Death why do you do the things?
We are saved and our salvation belongs to our leader
Come quickly and die
The millennial reign has begun

The guns pointed to my face
I called my family
As one we left our home and followed death

We walked in the cold
We starved in the cold
We traveled in the cold until the train reached its deathly destination

Once the train stopped all I could hear were the sounds of the birds outside
Fear had prevented all occupants of the train from making a single sound despite some of us sitting next to the corpses of travelers that had to leave early

Death finally opened the door of the cart
It is I death again
Follow me in shame
Prepare for your glorious moment in pain but glorious all the same

This was the moment they took my wife
“Eve I love you my darling”
I never saw her again.
This was the moment they took my children
My sons and daughters I love you”
I never saw them again

Death asked me …

Isaac what do you do?

I make things

What kind of things?
I make people look and feel wonderful I am a tailor

A tailor of fine clothes?

Yes I replied to death

Death then took me away from the vanishing and set me to work on a new suit for death and the friends of death

More arrived
More were torn apart
More died
Death was busy and still waiting for me

Now look at me
The years have passed and death forget about me
I am found
I am alive
My skin is all that holds my body together
I am devoured and worn and eaten and degraded

Sir who are you asked a man

I am a son of Adam
A son of Abraham
A son of God
Where was God when you needed him?
Are you death?
No I am here to help you
Where is your God?
Are you life?
No I am just a soldier, why did your God allow this?

God never left me
God never left anyone
God is here right now
I am a son of Adam
A son of Abraham
A son of God

I saw the man look at me as if I was crazy. Perhaps I was, perhaps I have become crazy, perhaps I am crazy itself.
All I know is death brought me to hell
I lost everything
My Eve
My children
My everything
Yet I cannot allow death to remove all I had and that was my faith

I am a son of Adam
A son of Abraham
A son of God

Copyright Alan Forrest Smith AFS28012020


 

Liberation of Auschwitz
We are the Children of the Holocaust – poem by Rudi Raab

The Holocaust has a way to bring us together as well, to remember so those lives lost are not repeated. Of course we are not close, though if you honoring the memories and the humanity lost is the goal, we have to keep trying.

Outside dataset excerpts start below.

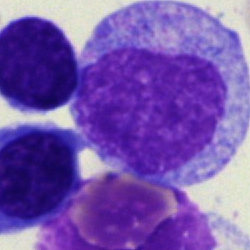 Morphological class — promyelocyte.
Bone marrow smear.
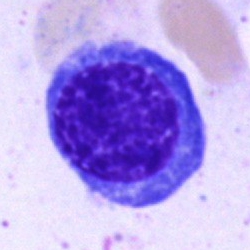 Morphology → normoblast.
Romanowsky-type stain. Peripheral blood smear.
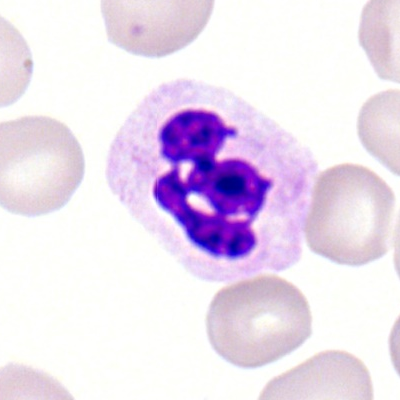
Showing a polymorphonuclear neutrophil.
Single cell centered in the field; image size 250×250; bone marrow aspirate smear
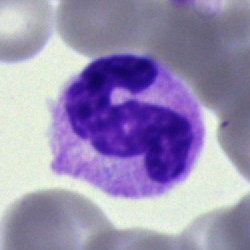

A polymorphonuclear neutrophil.
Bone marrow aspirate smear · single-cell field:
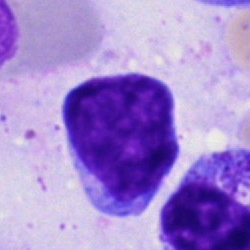

This is an undifferentiated blast.
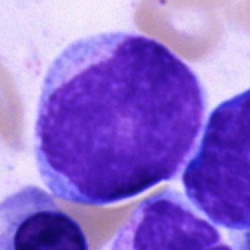
Impression — undifferentiated blast.
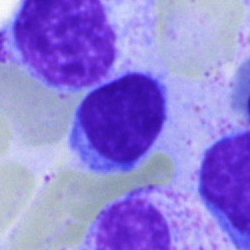 Typical lymphocyte.
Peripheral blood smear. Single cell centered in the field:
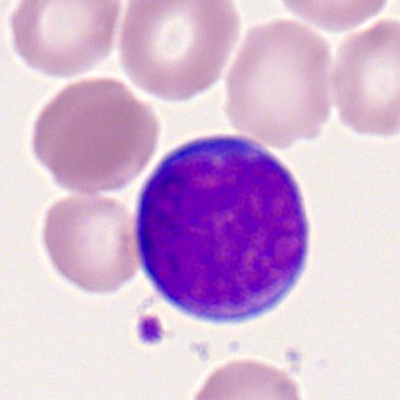
Q: What cell is this?
A: Myeloblast.
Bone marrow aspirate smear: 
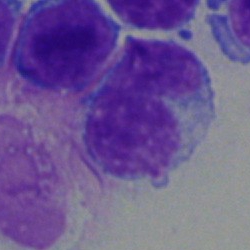 Specimen: bone marrow aspirate smear.
Classification: lymphocyte.
Lineage: lymphoid.
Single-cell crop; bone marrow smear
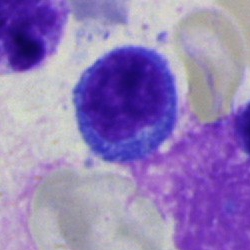

Single cell identified as a lymphocyte.
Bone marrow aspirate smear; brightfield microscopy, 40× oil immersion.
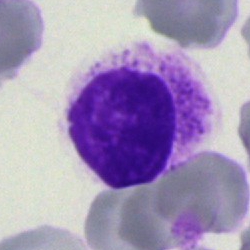 Q: What is shown here?
A: This is an artefact.
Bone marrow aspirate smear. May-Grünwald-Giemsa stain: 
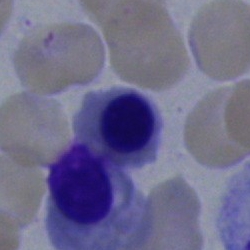Classification — erythroblast.
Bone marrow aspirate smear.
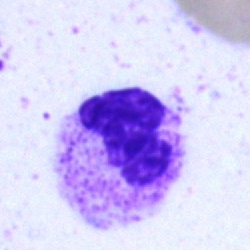
Q: Which cell type is shown here?
A: Segmented neutrophil.
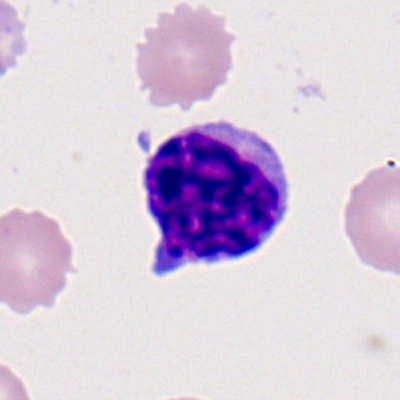 Q: What cell is this?
A: Lymphocyte.
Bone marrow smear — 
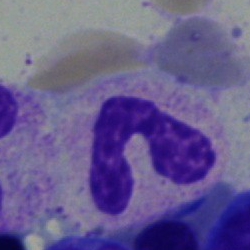Classification — band neutrophil.
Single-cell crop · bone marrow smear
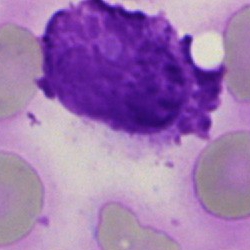Q: What is shown here?
A: An artifact.
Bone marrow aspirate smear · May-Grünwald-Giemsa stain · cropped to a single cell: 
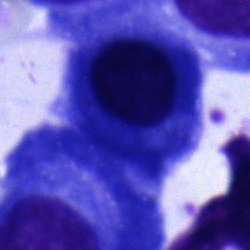 Specimen: bone marrow smear.
Cell: plasmacyte.
Lineage: lymphoid.
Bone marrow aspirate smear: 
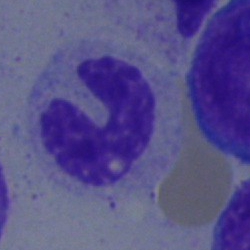

Specimen: bone marrow smear.
Cell type: neutrophil (band).
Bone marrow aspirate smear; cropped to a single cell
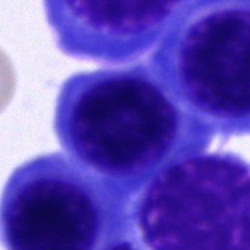 Classification: nucleated red blood cell.
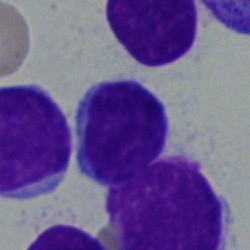Q: What cell is this?
A: A typical lymphocyte.
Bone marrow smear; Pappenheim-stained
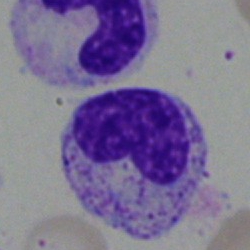
Morphological class — metamyelocyte.
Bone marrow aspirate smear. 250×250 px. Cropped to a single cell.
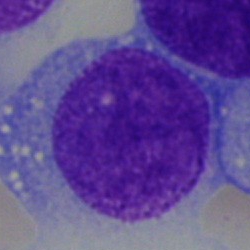Showing an undifferentiated blast.
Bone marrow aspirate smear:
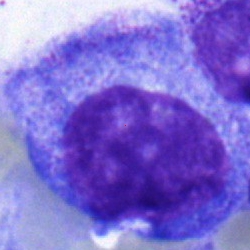
Cell — promyelocyte.
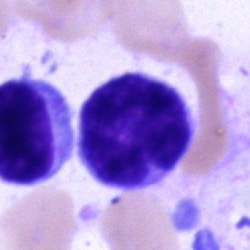Classification — typical lymphocyte.
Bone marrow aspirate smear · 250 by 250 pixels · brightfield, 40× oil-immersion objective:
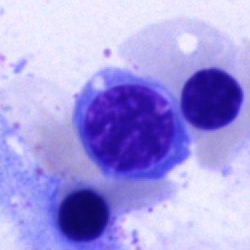

A normoblast.
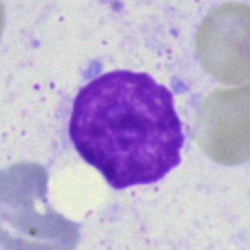 Q: What is shown here?
A: An artifact.
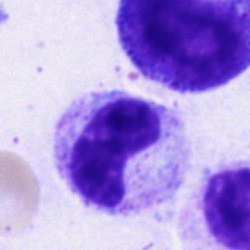 Impression → band-form neutrophil.
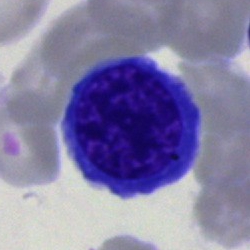 An erythroblast.
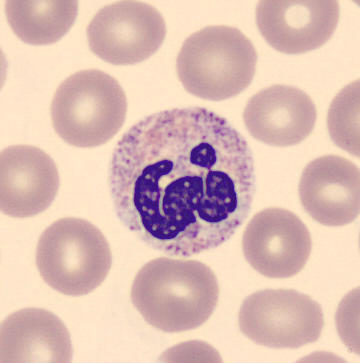Acquisition: Peripheral blood film · May Grünwald-Giemsa stain · 360 by 363 pixels. The cell type is polymorphonuclear neutrophil.
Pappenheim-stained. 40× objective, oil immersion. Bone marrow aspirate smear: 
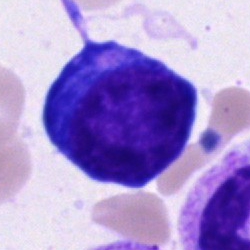
The classification is proerythroblast.
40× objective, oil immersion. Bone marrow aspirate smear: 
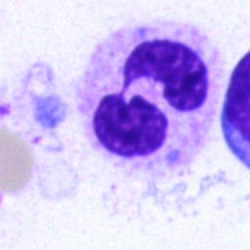

Morphological class — polymorphonuclear neutrophil.
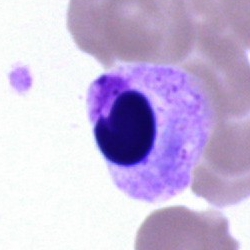 The cell shown is an artefact.
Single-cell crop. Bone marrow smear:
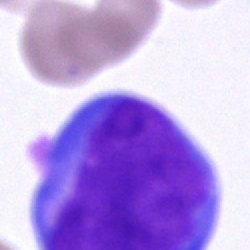
An unidentifiable cell.
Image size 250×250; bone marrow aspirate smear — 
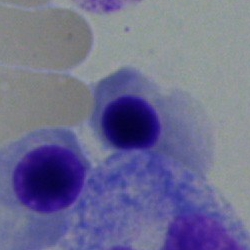
This is a nucleated red cell.
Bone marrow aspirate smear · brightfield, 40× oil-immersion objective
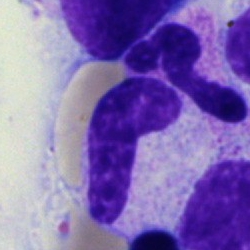Q: What is shown here?
A: This is a band neutrophil.
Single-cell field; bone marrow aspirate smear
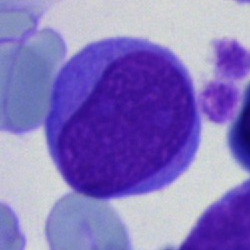 Morphology — undifferentiated blast.
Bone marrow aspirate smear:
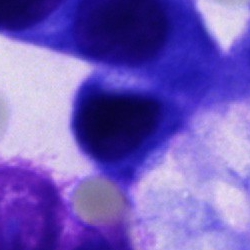

Q: Identify the cell.
A: This is a cell not matching the other categories.
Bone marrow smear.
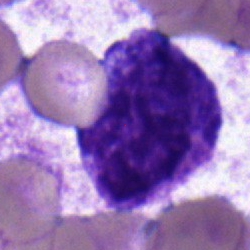 Q: What type of cell is this?
A: It is a myelocyte.
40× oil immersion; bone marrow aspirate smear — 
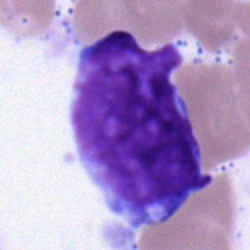
Q: What cell is this?
A: Blast.
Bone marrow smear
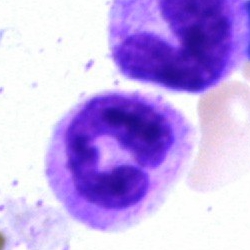

Cell = neutrophil (segmented).
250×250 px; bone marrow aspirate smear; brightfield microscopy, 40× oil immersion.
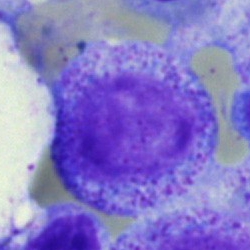

Cell type — myelocyte.
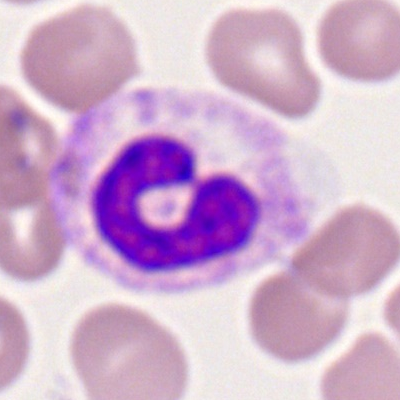

Peripheral blood film, single cell — neutrophil (band).
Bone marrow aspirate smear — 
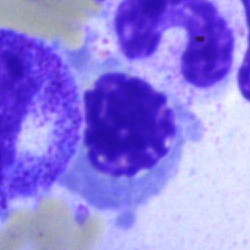 A nucleated red cell.
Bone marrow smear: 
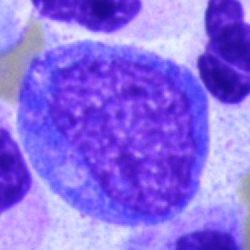

Q: What is the morphological classification of this cell?
A: It is a promyelocyte.

Compare that understanding that the Holocaust can bring us together, instead of divide us, no matter where we live.

For example, this week commemorating the seventy-fifth anniversary of the liberation of Auschwitz,

It is hard to imagine a more succinct description of the meeting that took place, this past Thursday, in Israel. Some forty heads of state or state representatives—Vice-President Mike Pence and Speaker of the House Nancy Pelosi; Prince Charles; Presidents Vladimir Putin, of Russia, Emmanuel Macron, of France, and Frank-Walter Steinmeier, of Germany (though, significantly, not Andrzej Duda, of Poland)—travelled to Jerusalem to attend the commemoration of the seventy-fifth anniversary of the liberation of the Auschwitz-Birkenau camp, and to participate in the fifth World Holocaust Forum, hosted by Yad Vashem, Jerusalem’s Holocaust museum and historical institute. The Israeli President, Reuven Rivlin, speaking at a welcoming reception on Wednesday evening, said, “Tomorrow we will gather to remember and to promise: Never again!” Ilona would not have doubted Rivlin’s sincerity or his erudition, yet she grasped that, for anyone born at a distance from, or after, the war’s atrocities, the claim “to remember”—to present oneself as scarred—is to engage in a kind of anachronistic moral positioning. For liberal writers and politicians, “to remember” is a cue to invoke the supreme cruelty of the Holocaust and to commit to institutions that promote tolerance. But, for nationalist writers and politicians, “to remember” is also an opportunity to appropriate moral prestige, adding to their distinction or shielding their cause from scrutiny.The New Yorker

Vladimir Putin upped the Holocaust ante last week by claiming 1.4 million Jews died in the Ukrained alone. Russian armies basically created some of the most important reminders we have at Auschwitz, after blowing up many original buildings and replacing them later.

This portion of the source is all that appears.